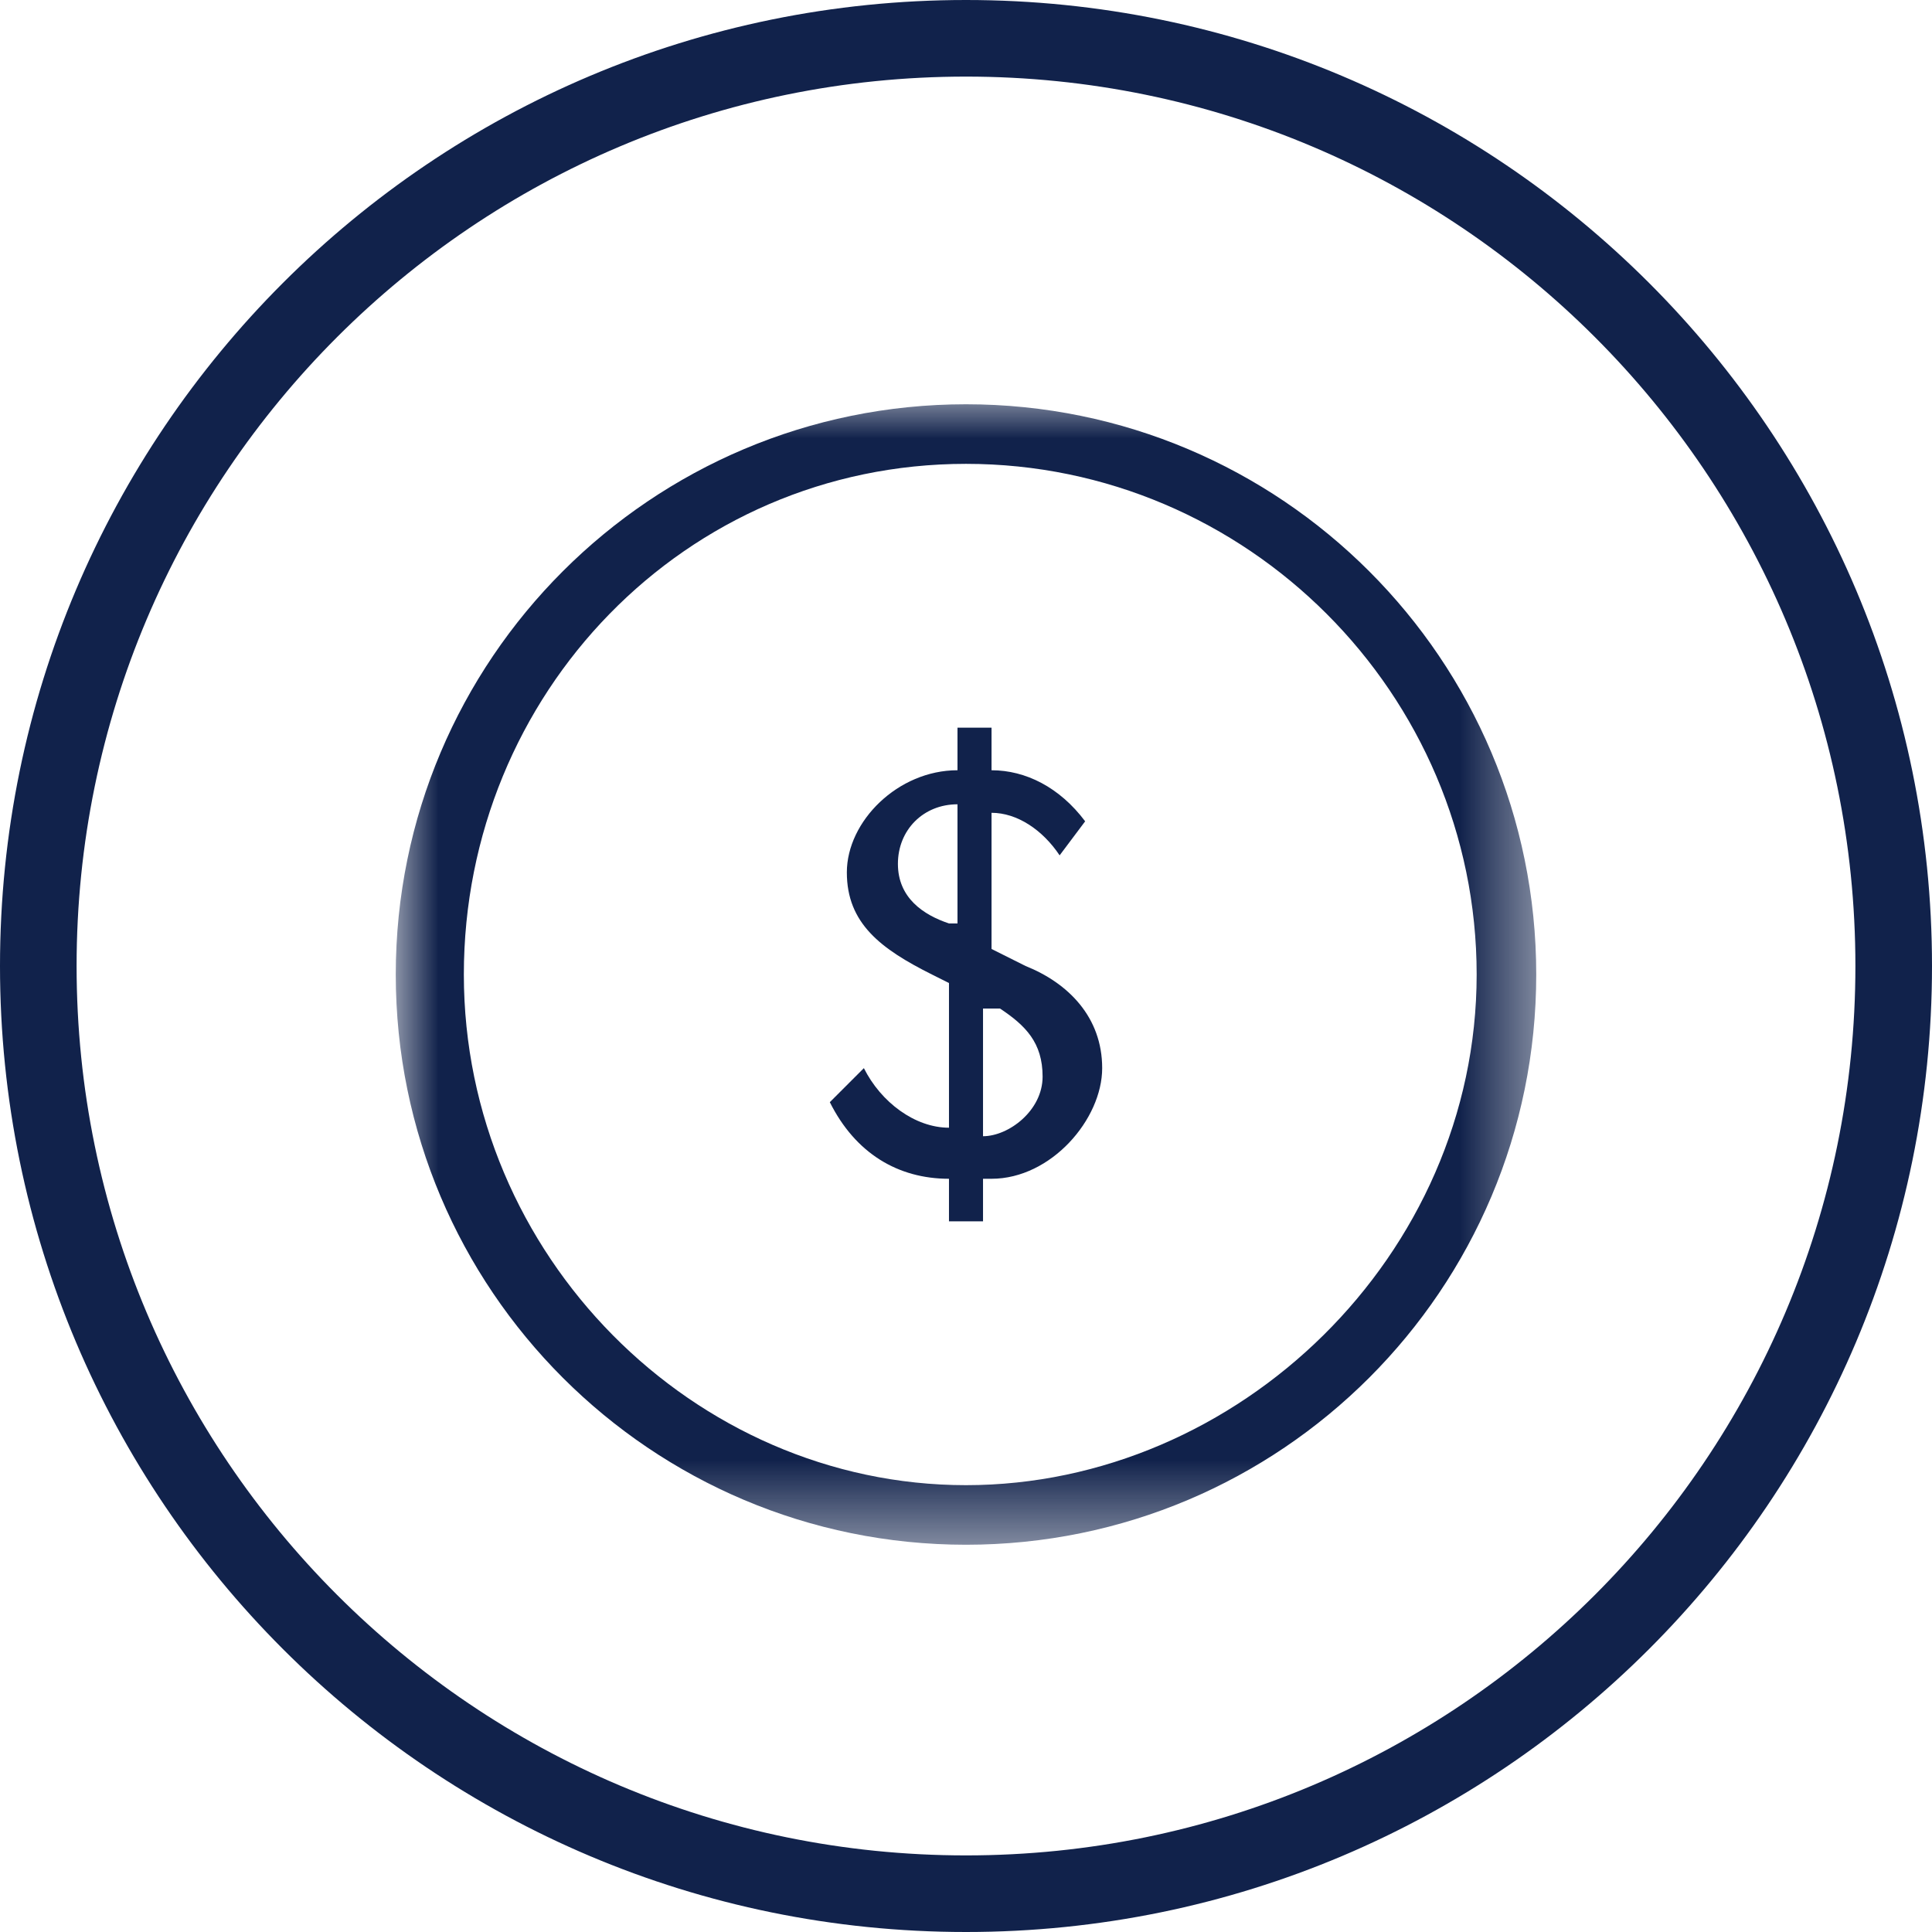 <?xml version="1.0" encoding="UTF-8"?>
<svg id="Layer_1" data-name="Layer 1" xmlns="http://www.w3.org/2000/svg" xmlns:xlink="http://www.w3.org/1999/xlink" viewBox="0 0 22.7 22.7">
  <defs>
    <style>
      .cls-1 {
        fill: none;
        stroke: #11224b;
        stroke-linecap: round;
        stroke-linejoin: round;
        stroke-width: .9px;
      }

      .cls-2 {
        fill: #11224b;
      }

      .cls-2, .cls-3 {
        stroke-width: 0px;
      }

      .cls-3 {
        fill: #fff;
      }

      .cls-4 {
        mask: url(#mask);
      }
    </style>
    <mask id="mask" x="4.65" y="4.65" width="13.5" height="13.5" maskUnits="userSpaceOnUse">
      <g id="mask0_15_13912" data-name="mask0 15 13912">
        <path class="cls-3" d="M18.15,4.65H4.65v13.5h13.5V4.65Z"/>
      </g>
    </mask>
  </defs>
  <path class="cls-1" d="M11.35,22.25c6.02,0,10.9-4.88,10.9-10.9S17.37.45,11.35.45.45,5.33.45,11.35s4.88,10.9,10.9,10.9Z"/>
  <g class="cls-4">
    <g>
      <path class="cls-2" d="M11.55,13.85v.5h-.4v-.5c-.6,0-1.1-.3-1.4-.9l.4-.4c.2.4.6.7,1,.7v-1.7l-.2-.1c-.6-.3-1-.6-1-1.2s.6-1.2,1.3-1.2v-.5h.4v.5c.4,0,.8.2,1.1.6l-.3.4c-.2-.3-.5-.5-.8-.5v1.6l.4.2c.5.2.9.6.9,1.2s-.6,1.3-1.3,1.3M10.55,10.15c0,.4.3.6.6.7h.1v-1.4c-.4,0-.7.3-.7.7ZM11.75,11.85h-.2v1.5c.3,0,.7-.3.7-.7s-.2-.6-.5-.8Z"/>
      <path class="cls-2" d="M11.35,18.15c-3.7,0-6.7-3-6.7-6.7s3-6.7,6.7-6.7,6.7,3,6.7,6.7-3,6.7-6.7,6.7ZM11.35,5.45c-3.3,0-5.9,2.7-5.9,6s2.7,6,5.9,6,6-2.7,6-6-2.7-6-6-6Z"/>
    </g>
  </g>
</svg>

## TASK TO CARRY OUT
Take every line above that includes the string "round" and return it.

## RESULT FOR THIS TASK
        stroke-linecap: round;
        stroke-linejoin: round;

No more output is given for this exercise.